**EXERCISE DETAILS**: The records that follow are to be given again exactly.

-- SUPPLIED RECORDS follows --

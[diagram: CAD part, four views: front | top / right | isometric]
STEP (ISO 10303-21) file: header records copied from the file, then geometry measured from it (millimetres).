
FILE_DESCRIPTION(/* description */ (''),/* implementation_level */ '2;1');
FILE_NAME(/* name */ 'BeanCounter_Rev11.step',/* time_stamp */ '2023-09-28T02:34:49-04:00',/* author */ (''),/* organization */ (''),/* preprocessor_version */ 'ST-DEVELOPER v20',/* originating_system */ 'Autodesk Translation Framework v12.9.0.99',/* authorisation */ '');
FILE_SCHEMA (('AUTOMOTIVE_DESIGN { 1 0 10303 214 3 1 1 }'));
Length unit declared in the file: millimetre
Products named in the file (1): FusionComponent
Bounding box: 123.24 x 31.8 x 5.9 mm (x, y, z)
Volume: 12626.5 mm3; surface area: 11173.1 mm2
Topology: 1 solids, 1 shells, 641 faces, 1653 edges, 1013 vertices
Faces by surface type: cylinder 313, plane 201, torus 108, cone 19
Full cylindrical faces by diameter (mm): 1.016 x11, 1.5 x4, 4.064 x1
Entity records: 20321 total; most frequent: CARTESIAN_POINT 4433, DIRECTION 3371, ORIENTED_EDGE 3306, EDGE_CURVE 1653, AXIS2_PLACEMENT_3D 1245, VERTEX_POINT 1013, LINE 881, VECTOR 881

-- SUPPLIED RECORDS concluded --

**OUTPUT FOR THIS EXERCISE**:
[diagram: CAD part, four views: front | top / right | isometric]
STEP (ISO 10303-21) file: header records copied from the file, then geometry measured from it (millimetres).
FILE_DESCRIPTION(/* description */ (''),/* implementation_level */ '2;1');
FILE_NAME(/* name */ 'BeanCounter_Rev11.step',/* time_stamp */ '2023-09-28T02:34:49-04:00',/* author */ (''),/* organization */ (''),/* preprocessor_version */ 'ST-DEVELOPER v20',/* originating_system */ 'Autodesk Translation Framework v12.9.0.99',/* authorisation */ '');
FILE_SCHEMA (('AUTOMOTIVE_DESIGN { 1 0 10303 214 3 1 1 }'));
Length unit declared in the file: millimetre
Products named in the file (1): FusionComponent
Bounding box: 123.24 x 31.8 x 5.9 mm (x, y, z)
Volume: 12626.5 mm3; surface area: 11173.1 mm2
Topology: 1 solids, 1 shells, 641 faces, 1653 edges, 1013 vertices
Faces by surface type: cylinder 313, plane 201, torus 108, cone 19
Full cylindrical faces by diameter (mm): 1.016 x11, 1.5 x4, 4.064 x1
Entity records: 20321 total; most frequent: CARTESIAN_POINT 4433, DIRECTION 3371, ORIENTED_EDGE 3306, EDGE_CURVE 1653, AXIS2_PLACEMENT_3D 1245, VERTEX_POINT 1013, LINE 881, VECTOR 881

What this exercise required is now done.